Secure AI Integration

  • Third-party LLM calls (Amazon Bedrock, OpenAI) use secure, encrypted channels.
  • Prompts and responses do not contain customer PII unless explicitly needed. This can be additional controlled by LLM API provider using Guardrails.
  • Customer data is not used to train third-party models.
  • API calls are authenticated and authorized with respective AI provider authentication mechanism.

Permission-Based Execution

  • Bots / Agentic workflows execute only with the minimum permissions required
  • Credentials are scoped to specific resources and time periods.
  • Bot / Agentic workflow actions are restricted by role and policy.
  • Failed authorization attempts are logged.

Audit Logging for Security

  • All security-relevant actions are logged with context.
  • Login attempts, permission changes, and sensitive actions are recorded.
  • Logs are immutable and stored securely.
  • Log retention meets compliance requirements.

How to use this: Deploy autobotAI in isolated workspaces. Use role-based access controls. Enable encryption for all data. Monitor security audit logs regularly.

7. Compliance

What it means: Ensuring automation aligns with regulatory requirements and customer-specific compliance needs.

How we implement it:

Compliance Insights Dashboard

  • Real-time visibility into which resources are compliant
  • IT resources (Cloud and Container environment) Violations are detected and flagged automatically
  • Remediation recommendations are generated with evidence
  • Compliance status trends are tracked over time

Automated Compliance Checks

  • Workflows automatically scan for common compliance issues (e.g., unencrypted data, overprivileged access)
  • Policies are encoded into automation rules
  • Checks run continuously without manual intervention
  • Results feed into compliance reporting

Regulatory Framework Support

  • autobotAI supports major compliance frameworks (SOC 2, HIPAA, GDPR, RBI etc.)
  • Workflows can be configured to enforce specific regulatory requirements
  • Evidence collection is automated to support audit readiness
  • Compliance documentation is generated automatically

Evidence Collection for Audits

  • Compliance checks generate detailed evidence
  • Remediation actions are fully documented
  • Audit trails show who authorized each compliance action
  • Reports can be exported for external auditors

AI Guardrails for Compliance

  • Content filtering and advanced reasoning provided by LLM provider can provide AI-generated workflows from violating compliance rules.
  • Safety checks with agent system prompts ensure recommendations don't breach policies.
  • Sensitive data handling is validated before execution.
  • autobotAI can integrate with partner compliance tools like Wiz, Crowdstrike, trendmciro etc to automate violation remediation.

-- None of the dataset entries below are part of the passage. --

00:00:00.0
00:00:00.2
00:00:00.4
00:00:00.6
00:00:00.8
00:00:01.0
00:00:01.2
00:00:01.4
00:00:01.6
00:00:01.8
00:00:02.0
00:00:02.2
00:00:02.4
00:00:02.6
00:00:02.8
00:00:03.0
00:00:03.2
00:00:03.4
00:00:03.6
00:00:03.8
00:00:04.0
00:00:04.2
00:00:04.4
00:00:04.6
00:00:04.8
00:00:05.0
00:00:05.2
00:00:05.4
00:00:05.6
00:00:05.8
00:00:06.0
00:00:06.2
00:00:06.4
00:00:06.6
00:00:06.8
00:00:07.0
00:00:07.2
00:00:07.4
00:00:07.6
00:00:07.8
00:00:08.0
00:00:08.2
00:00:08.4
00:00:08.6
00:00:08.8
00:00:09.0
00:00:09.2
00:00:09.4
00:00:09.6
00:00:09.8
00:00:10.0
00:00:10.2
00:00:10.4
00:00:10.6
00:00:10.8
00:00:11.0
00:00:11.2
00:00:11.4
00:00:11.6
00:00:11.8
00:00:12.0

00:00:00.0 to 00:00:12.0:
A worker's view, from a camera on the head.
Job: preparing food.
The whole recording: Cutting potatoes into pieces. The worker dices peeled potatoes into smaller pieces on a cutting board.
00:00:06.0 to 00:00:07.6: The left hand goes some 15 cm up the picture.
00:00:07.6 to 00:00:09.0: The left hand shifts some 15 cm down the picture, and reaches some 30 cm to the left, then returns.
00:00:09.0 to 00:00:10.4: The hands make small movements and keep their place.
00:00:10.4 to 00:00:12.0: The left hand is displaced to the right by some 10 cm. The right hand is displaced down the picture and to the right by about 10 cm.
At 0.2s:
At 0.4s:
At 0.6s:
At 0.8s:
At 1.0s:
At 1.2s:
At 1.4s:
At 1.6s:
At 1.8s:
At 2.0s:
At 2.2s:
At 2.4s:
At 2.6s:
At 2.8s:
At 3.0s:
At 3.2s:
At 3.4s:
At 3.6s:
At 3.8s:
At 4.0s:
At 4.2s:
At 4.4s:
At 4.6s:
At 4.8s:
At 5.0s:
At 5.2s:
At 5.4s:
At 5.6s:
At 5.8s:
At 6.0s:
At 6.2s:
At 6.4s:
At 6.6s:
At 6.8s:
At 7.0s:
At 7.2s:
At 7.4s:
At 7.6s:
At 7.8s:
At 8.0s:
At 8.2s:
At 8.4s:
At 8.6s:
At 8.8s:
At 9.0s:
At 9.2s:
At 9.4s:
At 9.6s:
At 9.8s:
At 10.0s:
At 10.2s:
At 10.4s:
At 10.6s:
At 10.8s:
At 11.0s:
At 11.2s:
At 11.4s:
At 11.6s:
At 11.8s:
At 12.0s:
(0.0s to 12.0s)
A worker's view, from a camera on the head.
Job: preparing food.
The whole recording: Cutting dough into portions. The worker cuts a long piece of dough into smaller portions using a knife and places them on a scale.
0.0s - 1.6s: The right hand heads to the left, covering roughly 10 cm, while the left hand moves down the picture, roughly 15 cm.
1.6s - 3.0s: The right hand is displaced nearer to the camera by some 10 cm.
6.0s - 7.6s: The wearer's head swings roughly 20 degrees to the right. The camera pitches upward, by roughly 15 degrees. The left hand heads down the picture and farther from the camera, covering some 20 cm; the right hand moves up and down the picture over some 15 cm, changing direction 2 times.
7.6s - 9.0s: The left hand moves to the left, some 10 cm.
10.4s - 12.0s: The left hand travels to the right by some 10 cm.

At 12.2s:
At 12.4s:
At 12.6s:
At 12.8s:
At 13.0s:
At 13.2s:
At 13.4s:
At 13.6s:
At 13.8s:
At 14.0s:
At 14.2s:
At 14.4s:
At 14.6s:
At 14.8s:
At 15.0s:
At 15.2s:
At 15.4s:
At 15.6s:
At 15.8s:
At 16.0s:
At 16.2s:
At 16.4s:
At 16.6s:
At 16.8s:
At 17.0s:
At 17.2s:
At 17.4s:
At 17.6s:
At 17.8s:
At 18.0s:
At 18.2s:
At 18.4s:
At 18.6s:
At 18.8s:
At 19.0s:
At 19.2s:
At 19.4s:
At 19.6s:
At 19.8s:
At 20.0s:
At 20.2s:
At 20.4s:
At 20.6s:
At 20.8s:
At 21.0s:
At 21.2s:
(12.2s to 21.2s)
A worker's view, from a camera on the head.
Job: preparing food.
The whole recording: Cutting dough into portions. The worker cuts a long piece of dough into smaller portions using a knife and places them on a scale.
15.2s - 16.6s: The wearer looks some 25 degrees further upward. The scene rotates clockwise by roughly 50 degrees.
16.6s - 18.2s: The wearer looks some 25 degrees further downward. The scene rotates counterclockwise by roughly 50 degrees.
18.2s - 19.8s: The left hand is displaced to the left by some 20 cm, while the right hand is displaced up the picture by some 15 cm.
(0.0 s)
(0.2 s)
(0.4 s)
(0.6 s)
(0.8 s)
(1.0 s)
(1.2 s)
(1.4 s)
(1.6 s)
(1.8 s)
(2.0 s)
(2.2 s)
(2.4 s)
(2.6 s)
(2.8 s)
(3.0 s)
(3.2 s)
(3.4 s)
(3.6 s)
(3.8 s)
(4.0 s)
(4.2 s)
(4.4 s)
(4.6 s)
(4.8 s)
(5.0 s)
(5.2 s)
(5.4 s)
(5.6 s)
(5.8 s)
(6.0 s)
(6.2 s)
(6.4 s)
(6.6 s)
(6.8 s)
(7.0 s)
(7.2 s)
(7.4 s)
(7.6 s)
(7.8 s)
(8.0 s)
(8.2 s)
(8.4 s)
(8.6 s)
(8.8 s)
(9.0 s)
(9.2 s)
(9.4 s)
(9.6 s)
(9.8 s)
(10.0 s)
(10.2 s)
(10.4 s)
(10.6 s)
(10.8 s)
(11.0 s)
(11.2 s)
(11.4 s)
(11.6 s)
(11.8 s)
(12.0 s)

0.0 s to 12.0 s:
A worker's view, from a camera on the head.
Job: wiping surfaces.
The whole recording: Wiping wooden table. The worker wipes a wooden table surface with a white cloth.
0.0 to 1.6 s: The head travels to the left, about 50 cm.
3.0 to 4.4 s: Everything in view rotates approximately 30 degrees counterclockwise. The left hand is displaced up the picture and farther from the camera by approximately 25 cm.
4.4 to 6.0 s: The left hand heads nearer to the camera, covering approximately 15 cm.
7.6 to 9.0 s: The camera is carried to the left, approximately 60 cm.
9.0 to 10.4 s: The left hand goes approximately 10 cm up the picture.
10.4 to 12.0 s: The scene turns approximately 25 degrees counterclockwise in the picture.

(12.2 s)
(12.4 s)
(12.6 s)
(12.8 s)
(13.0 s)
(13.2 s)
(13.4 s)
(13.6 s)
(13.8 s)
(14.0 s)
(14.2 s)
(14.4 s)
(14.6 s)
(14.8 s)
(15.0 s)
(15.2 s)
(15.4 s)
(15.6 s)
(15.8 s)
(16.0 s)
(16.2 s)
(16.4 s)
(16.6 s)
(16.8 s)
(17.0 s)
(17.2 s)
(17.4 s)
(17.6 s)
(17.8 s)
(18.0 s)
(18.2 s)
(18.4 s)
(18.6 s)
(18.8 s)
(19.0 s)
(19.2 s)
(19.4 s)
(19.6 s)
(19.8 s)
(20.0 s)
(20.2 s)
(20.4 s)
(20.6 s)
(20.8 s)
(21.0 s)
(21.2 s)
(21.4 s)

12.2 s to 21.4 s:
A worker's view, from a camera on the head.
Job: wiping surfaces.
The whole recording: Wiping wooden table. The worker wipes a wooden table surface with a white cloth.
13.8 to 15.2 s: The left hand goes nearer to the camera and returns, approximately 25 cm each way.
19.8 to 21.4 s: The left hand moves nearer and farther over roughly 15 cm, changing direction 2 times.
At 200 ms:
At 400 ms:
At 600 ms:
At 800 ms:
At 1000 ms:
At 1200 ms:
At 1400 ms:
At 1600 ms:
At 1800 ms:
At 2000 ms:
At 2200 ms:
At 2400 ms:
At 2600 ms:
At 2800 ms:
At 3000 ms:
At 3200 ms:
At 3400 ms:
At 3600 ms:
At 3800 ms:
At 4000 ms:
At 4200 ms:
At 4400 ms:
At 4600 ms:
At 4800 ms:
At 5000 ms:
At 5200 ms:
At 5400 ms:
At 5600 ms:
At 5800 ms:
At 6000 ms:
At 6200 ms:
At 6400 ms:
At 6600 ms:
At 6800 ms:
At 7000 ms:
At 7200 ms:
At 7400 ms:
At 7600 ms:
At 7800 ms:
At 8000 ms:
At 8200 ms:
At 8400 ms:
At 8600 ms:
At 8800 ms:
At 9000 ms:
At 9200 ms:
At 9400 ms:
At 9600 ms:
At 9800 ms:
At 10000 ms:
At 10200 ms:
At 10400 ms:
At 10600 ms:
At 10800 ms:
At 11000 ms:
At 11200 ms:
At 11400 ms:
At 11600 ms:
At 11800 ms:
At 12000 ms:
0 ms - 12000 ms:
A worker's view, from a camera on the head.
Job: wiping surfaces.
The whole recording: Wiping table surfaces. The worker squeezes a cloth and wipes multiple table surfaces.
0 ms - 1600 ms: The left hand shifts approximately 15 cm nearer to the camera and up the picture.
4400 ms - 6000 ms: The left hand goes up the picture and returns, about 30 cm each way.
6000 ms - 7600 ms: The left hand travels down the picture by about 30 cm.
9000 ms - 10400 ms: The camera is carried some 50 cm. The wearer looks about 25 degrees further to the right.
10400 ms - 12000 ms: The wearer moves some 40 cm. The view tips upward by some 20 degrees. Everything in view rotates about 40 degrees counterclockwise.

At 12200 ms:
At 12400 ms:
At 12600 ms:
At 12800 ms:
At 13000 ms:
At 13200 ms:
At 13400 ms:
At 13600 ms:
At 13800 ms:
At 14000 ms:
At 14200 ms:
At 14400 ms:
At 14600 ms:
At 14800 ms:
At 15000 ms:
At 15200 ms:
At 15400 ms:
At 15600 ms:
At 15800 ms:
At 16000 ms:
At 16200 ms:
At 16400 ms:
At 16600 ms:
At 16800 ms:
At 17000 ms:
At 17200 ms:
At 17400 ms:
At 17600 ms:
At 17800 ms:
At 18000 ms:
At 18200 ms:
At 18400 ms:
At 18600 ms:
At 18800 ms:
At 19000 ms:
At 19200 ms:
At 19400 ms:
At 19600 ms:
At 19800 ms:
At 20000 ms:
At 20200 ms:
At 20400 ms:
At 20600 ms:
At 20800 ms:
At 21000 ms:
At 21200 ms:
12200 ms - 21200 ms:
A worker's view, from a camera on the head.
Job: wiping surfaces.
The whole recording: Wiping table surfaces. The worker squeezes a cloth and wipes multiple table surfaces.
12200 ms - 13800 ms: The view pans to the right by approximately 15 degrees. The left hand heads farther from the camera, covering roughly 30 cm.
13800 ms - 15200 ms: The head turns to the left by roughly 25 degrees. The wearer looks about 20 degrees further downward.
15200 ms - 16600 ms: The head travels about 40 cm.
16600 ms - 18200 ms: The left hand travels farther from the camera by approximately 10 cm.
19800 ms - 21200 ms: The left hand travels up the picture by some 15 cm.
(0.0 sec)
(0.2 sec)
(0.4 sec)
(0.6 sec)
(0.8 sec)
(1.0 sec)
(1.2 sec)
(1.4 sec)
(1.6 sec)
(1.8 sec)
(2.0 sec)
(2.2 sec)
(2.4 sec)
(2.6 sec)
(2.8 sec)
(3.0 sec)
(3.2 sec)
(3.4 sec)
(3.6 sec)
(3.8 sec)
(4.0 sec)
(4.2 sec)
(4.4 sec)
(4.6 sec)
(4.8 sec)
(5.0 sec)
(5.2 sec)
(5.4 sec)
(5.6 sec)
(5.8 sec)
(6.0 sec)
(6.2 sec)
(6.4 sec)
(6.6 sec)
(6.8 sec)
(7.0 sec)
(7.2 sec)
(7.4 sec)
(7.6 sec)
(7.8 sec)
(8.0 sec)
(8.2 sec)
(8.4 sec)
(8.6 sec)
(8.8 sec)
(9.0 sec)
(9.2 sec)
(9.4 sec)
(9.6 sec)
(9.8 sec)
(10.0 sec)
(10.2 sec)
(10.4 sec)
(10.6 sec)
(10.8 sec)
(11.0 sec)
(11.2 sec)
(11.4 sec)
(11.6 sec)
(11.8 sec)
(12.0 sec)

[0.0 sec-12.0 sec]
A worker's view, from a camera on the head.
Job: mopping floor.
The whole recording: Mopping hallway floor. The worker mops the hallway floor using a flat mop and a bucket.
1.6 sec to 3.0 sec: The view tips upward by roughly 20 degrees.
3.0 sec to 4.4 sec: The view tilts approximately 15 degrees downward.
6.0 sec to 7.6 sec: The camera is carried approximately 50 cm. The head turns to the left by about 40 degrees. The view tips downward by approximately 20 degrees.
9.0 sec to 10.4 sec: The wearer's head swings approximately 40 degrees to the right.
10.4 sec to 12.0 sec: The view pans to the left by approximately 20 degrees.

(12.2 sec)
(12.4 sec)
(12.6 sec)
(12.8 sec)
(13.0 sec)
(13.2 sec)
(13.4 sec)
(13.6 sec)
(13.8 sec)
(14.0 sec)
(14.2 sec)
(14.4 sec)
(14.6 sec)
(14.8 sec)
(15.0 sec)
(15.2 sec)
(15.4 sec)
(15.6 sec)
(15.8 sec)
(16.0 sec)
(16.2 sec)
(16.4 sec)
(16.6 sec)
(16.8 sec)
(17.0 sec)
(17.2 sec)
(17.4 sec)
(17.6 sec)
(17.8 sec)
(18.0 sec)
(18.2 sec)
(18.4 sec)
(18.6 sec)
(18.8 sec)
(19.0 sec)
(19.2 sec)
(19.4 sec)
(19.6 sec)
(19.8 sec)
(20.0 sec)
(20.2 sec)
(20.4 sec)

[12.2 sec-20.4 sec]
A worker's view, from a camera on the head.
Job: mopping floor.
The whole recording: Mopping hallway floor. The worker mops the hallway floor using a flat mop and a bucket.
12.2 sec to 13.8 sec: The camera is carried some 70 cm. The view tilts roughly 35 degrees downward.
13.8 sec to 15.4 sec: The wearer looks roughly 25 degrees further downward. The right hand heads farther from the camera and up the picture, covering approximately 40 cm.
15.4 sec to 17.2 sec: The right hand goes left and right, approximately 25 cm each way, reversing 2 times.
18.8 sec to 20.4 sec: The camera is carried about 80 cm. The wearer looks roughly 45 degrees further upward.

Customer-Specific Requirements

  • Workflows can be customized to match customer compliance needs
  • Policy definitions are flexible and customer-configurable
  • Compliance rules can be added by integrating additional external posture management solutions like CSPM, KSPM, AISPM etc.
  • Override processes for exceptions are documented and controlled

Data Retention & Deletion

  • Customer controls data retention policies.
  • Optional Automated deletion enforces retention limits.

How to use this: Configure compliance policies relevant to your industry. Enable automated compliance checks. Review compliance insights regularly. Maintain audit-ready documentation.